# Find $\operatorname{depth}(R/p_1\cap p_2)$

Let $R=K[x_1,\dots,x_n]$ be a polynomial ring over a field, $K$. Let $I$ be a square free monomial ideal of $R$. Let $p_1 ,p_2$ be minimal prime ideals of $I$ generated by subsets of $\{x_1,\dots,x_n\}$ and $I =p_1\cap p_2$.

What is $\operatorname{depth}(R/p_1\cap p_2)$?

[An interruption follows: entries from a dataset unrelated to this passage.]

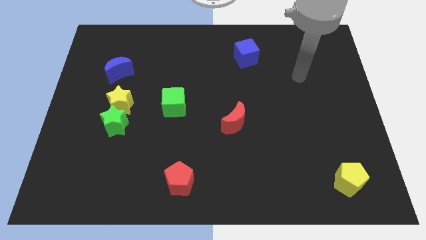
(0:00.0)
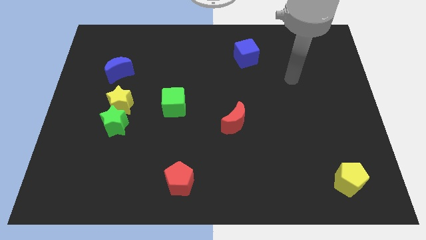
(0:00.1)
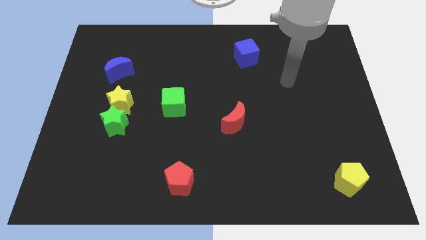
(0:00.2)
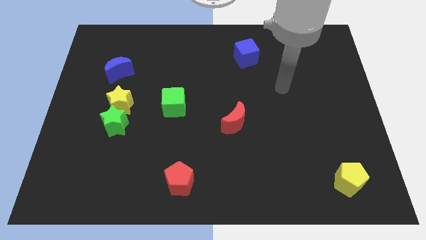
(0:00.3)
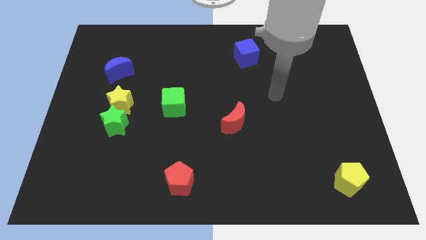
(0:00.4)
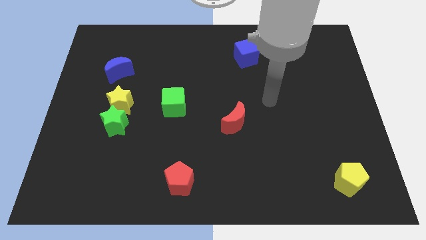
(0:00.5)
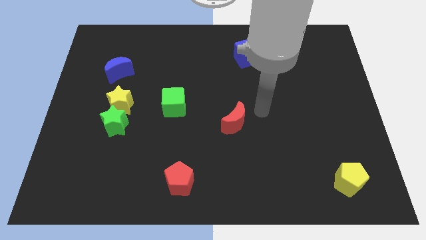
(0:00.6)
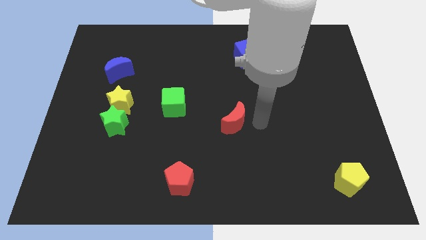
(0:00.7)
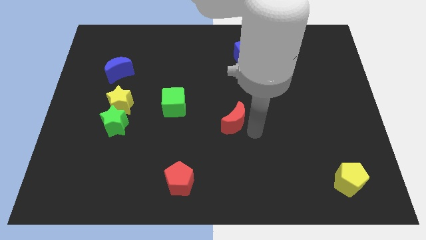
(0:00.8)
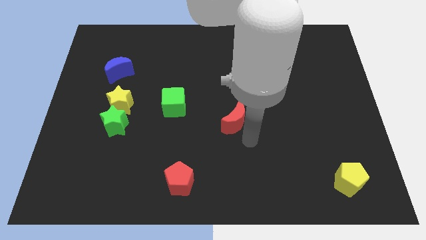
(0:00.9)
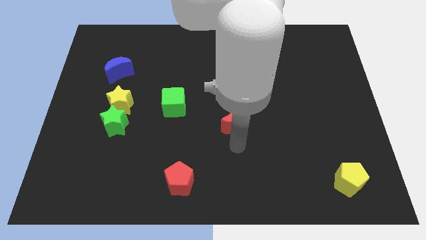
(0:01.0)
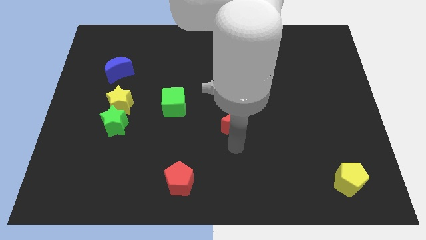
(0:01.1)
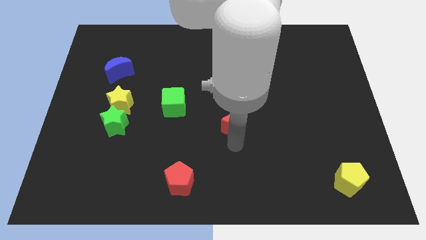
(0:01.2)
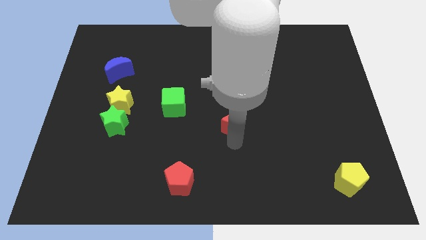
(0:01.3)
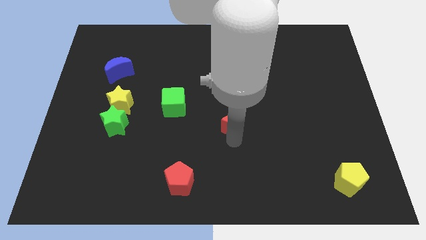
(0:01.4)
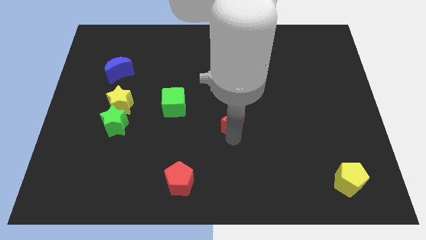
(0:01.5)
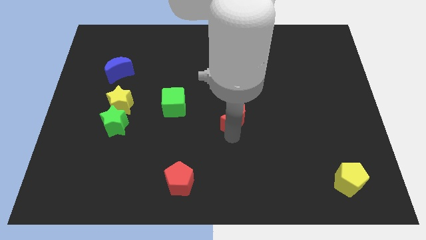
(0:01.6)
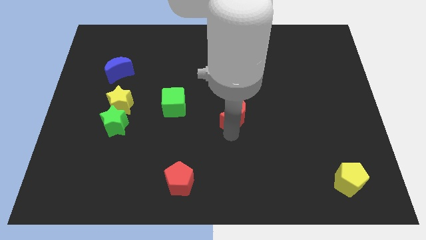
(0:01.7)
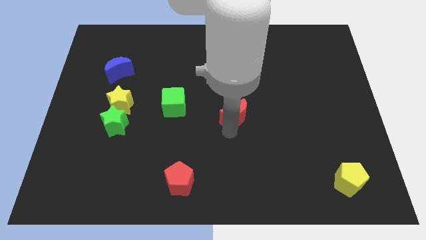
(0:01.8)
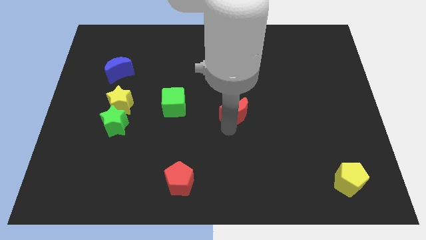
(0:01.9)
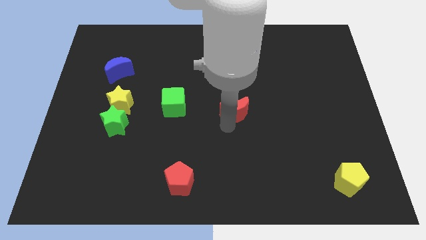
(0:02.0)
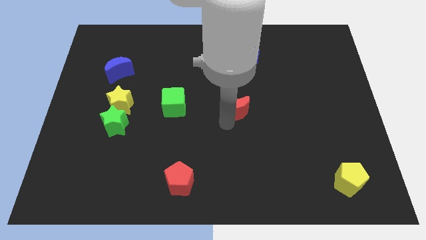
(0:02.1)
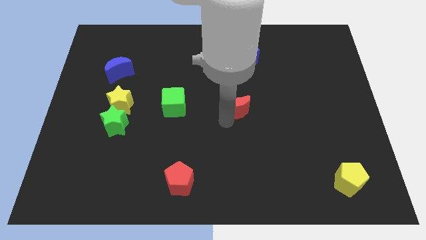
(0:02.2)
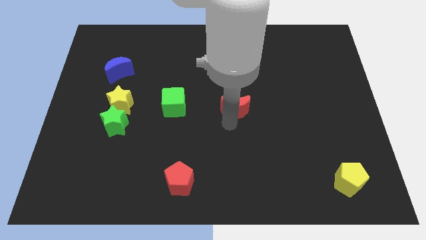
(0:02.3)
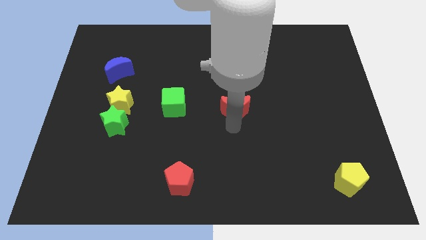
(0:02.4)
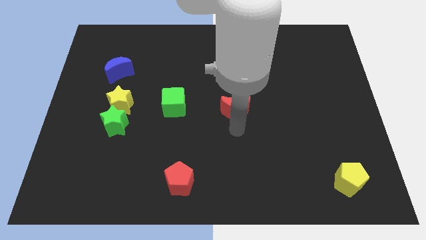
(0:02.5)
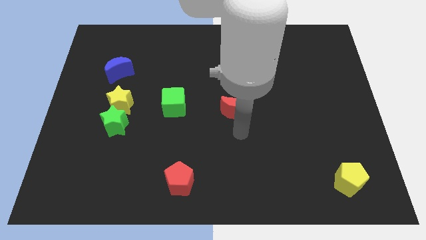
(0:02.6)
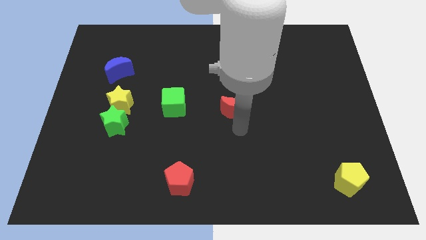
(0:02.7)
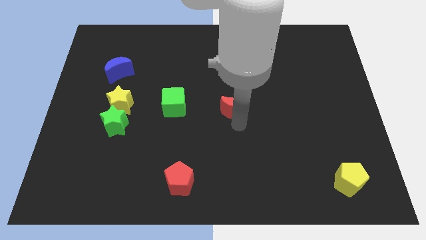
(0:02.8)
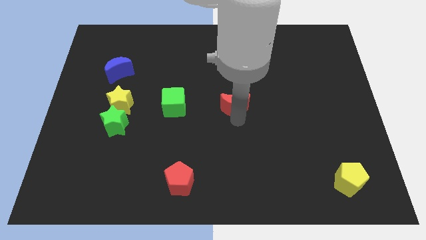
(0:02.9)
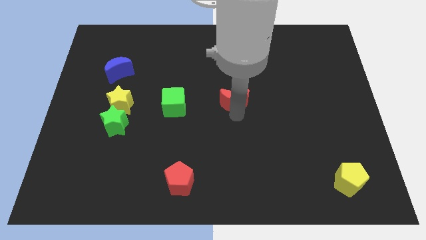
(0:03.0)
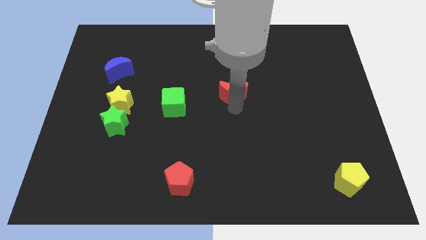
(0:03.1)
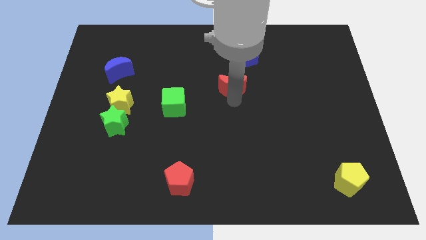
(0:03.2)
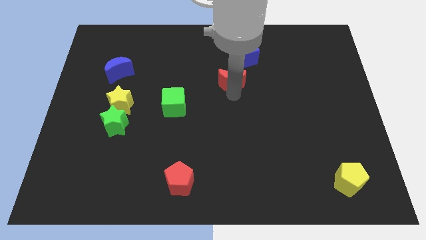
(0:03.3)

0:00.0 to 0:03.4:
slide the red moon diagonally down and to the left of the blue cube

• have you tried Using depth lemma on $$0\to R/(p_1 \cap p_2)\to R/p_1 \oplus R/p_2\to R/(p_1+p_2)\to 0$$ May 2, 2015 at 17:58

By the Lemma 2.1 from this paper you get $$\operatorname{depth}(R/p_1\cap p_2)=\min(\operatorname{depth}R/p_2,1+\operatorname{depth}R/(p_1+p_2)),$$ which is now only a matter of knowing how many variables generates $p_2$ and $p_1+p_2$. (Of course, I've assumed that $p_1\nsubseteq p_2$ and viceversa.)
If, for instance, $p_1+p_2=(x_1,\dots,x_n)$ you always get $\operatorname{depth}(R/p_1\cap p_2)=1$.
Hint. Use depth lemma on $$0\to R/(p_1 \cap p_2)\to R/p_1 \oplus R/p_2\to R/(p_1+p_2)\to 0$$